May we live in interesting times, especially online!
'WHAT'S on your mind?' I suddenly realise I've been staring at the blinking cursor in the Facebook box for 10 minutes.
Nothing. Nothing is on my mind. It's an excruciating time of year, an in-between time, too late for Halloween, too early to start spending on Christmas; too cold to be autumn, not quite cold enough to be properly winter – we can't yet see our breath in the air in the house, so can't quite bring ourselves to turn on the heating.
I rub my knuckles, warming them as I sit at the keyboard staring at the cursor again – "What's on your mind?" – realising this time that my mouth is open and I'm drooling a little.
"Perhaps I'm depressed," I tell my wife as she passes.
"You're not depressed," she says, "you're just bored."
She's right. I hate this time of year. It's one big tedious hump to slog over, and the calendar months should actually go September, October, November . . . November . . . November, December.
I click off Facebook, which is starting to remind me of a scrapbook of irritating people's annoying postcards, and I log on to Twitter instead, which is more like some vast crowded room of cocaine-addled mental patients, each having an enthusiastic conversation with a wall but all at the same time.
"Compose new Tweet".
I try to think of some event, a milestone with which to mark the passing days which all at once seem to blur into one great indistinguishable soup of broken-record sameness, but everyone in our house is likewise kind of treading water this week.
The eldest is only back in college and so, even if we see him between rushing off first thing without his breakfast for the train each day and poking his head in the door on the few occasions he arrives home before we go to bed, there's little to report.

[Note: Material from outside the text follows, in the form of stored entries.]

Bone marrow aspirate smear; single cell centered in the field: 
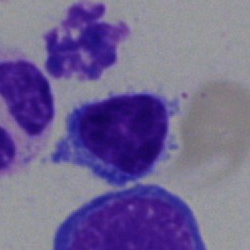Morphological class — typical lymphocyte.
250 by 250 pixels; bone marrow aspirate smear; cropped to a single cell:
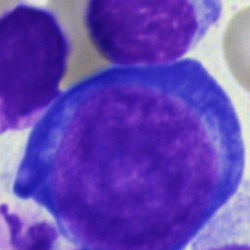
Morphological class: pronormoblast.
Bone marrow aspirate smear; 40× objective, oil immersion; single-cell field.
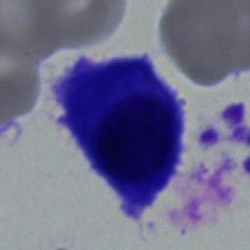{"cell_type": "plasma cell"}
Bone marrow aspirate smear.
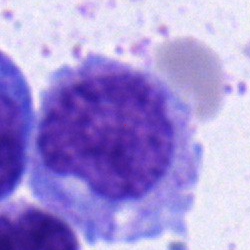 Morphological class = metamyelocyte.
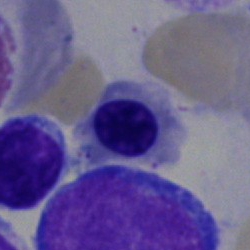

Cell type — normoblast.
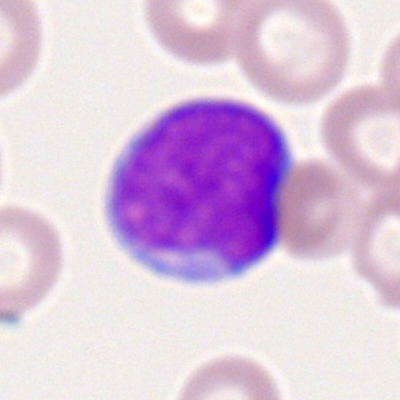 This is a myeloblast.
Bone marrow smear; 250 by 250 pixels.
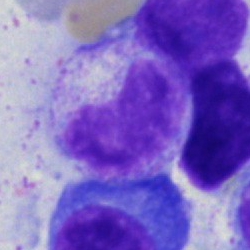

Q: Identify the cell.
A: Metamyelocyte.
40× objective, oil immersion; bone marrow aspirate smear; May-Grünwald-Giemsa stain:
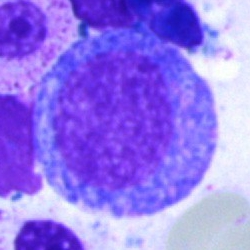Q: Identify the cell.
A: Promyelocyte.
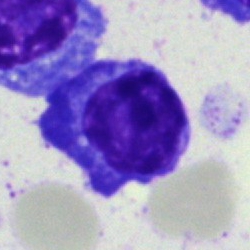

Cell type — plasmacyte.
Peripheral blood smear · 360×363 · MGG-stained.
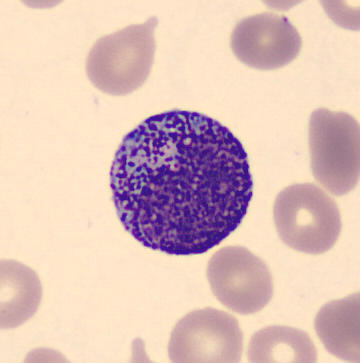 Morphological class — promyelocyte.
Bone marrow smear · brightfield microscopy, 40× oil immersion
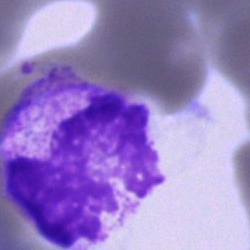 Morphology consistent with an unidentifiable cell.
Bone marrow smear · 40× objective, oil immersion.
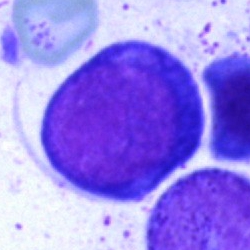Cell type = proerythroblast.
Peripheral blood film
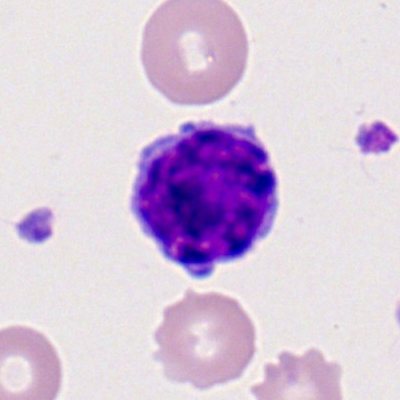 The cell is typical lymphocyte.
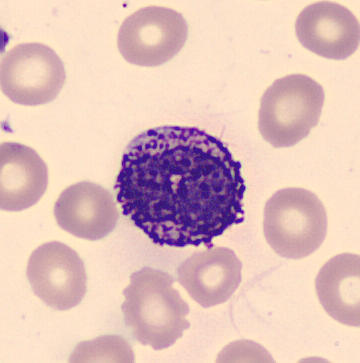

Q: What type of cell is this?
A: A basophilic granulocyte.
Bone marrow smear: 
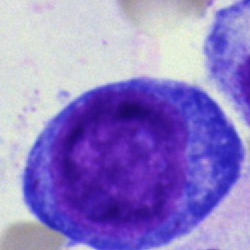Morphology consistent with a progranulocyte.
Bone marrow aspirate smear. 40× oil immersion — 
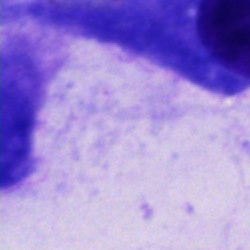Q: Identify the cell.
A: Other cell type.
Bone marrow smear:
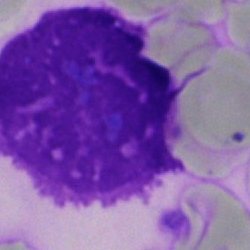Single cell identified as an artefact.
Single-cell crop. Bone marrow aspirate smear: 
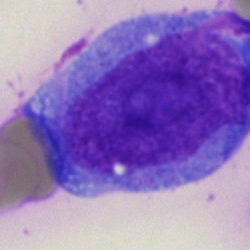

Morphological class = undifferentiated blast.
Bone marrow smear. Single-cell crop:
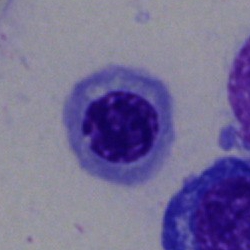
Cell — erythroblast.

I do notice that he seems to be growing a bit of a beard, on one of these rare, late-night check-ins. "If that's for Movember," I tell him, "it's cheating. You can't just grow a beard and shave it into a moustache on the last day, you have to suffer the silly bit that makes you look like a 1970s porn star all month, that's the whole point."
He looks at me like I'm an exhibit, then the head disappears and the door slams shut.

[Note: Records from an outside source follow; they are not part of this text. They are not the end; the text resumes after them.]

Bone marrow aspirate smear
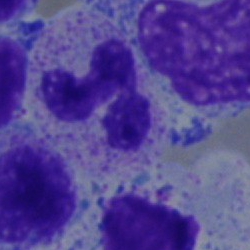 A neutrophil (segmented).
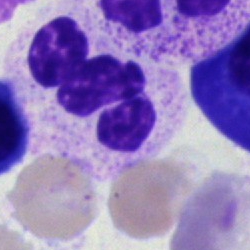
Morphological class — polymorphonuclear neutrophil.
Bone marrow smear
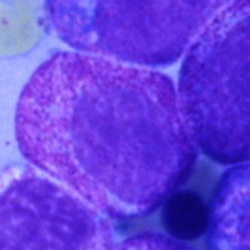

Single cell identified as a myelocyte.
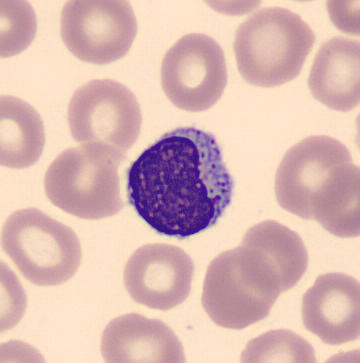

Q: Which cell type is shown here?
A: Typical lymphocyte.
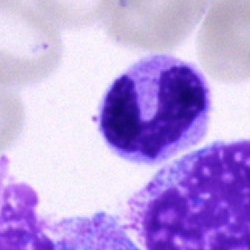 Specimen: bone marrow aspirate smear.
Cell: band neutrophil.
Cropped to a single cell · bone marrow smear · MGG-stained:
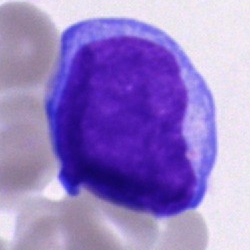
The morphological class is blast cell.
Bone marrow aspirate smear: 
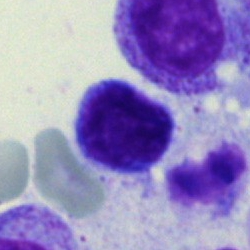
Morphology — typical lymphocyte.
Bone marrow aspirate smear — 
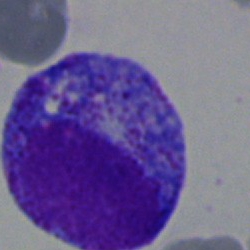Q: What type of cell is this?
A: This is a promyelocyte.
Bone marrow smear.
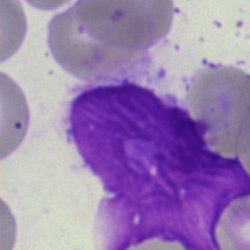

Specimen: bone marrow smear.
Cell type: artifact.
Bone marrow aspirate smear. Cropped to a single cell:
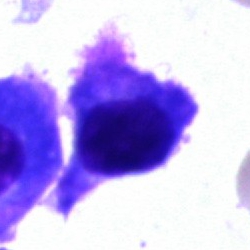Morphological class — plasma cell.
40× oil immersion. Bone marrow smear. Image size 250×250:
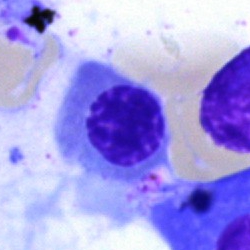

Morphological class: erythroblast.

"I suspect it's nothing to do with Movember," observes my wife wryly.
"Bang goes that tweet then," I say.
I fare little better with the rest. "Someone please tell me something about their lives," I announce at dinner, which is minus the eldest, as usual. His two younger brothers and the little girl munch at me in silence. "Why?" says the middle teen finally.
"It's sofa-stickumpin fufbook," mumbles the younger teen around a fork that seems to be lodged in his fringe.

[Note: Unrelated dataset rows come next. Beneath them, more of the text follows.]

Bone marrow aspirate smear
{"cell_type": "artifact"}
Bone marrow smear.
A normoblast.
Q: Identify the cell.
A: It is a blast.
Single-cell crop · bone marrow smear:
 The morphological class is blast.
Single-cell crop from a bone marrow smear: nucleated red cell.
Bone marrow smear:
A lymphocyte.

"It is NOT so I can stick something up on Facebook, actually," I tell him. "I was thinking more of Twitter."
"Oh, well then," deadpans the older one, and hunches back over his dinner with a sigh.
"I have something," chirps the little girl. "Ask ME!"
"Let me guess – is this about you getting your ears pierced last week?"
This WAS in fact a milestone, but since my wife and I had each already been pestered about it every day for an age beforehand, it was all a little less (jazz hands) "Wow! Wonderful!" and more (wearily) "Well, thank heavens. Finally" for us.
"Nope," she says, very pleased with herself.
"Intriguing," I tell the table before returning to her with a mock flourish. "Do tell."
"Well," she says, barely able to contain herself, then taking one big breath with which to relay the entire tale, "I was in the sitting room with my friend Heather and we were playing Just Dance 3 on the Wii and Mummy came in and she just started TALKING. Just TALKING! While we were playing Just Dance 3!
"She just started . . . talking," she grins, shrugging and shaking her head at the evident madness of it all.
"Well," I say. "It may be a challenge to capture all the comic nuance of that little gem in 140 characters or less."
Truth be told, she's cheered me up no end, as I realise nothing necessarily important has to happen every day, or even every week. Life goes on. It gives you a giggle or it doesn't.
My wife comes in later to where I'm on the computer, Facebook this time.
"So," she says, "did you come up with some revealing little nugget of experiential wisdom to share with your 'friends'?"
"You're kidding, right?" I say. "I've just spent half-an-hour trolling through other people's posts and clicking 'like' on videos of stupid people running into doors and dogs going down pool slides."
"It's what it's all for," she says.
"Four hundred million years of evolution," I say.
"Shift out of the way," she says. "It's my turn."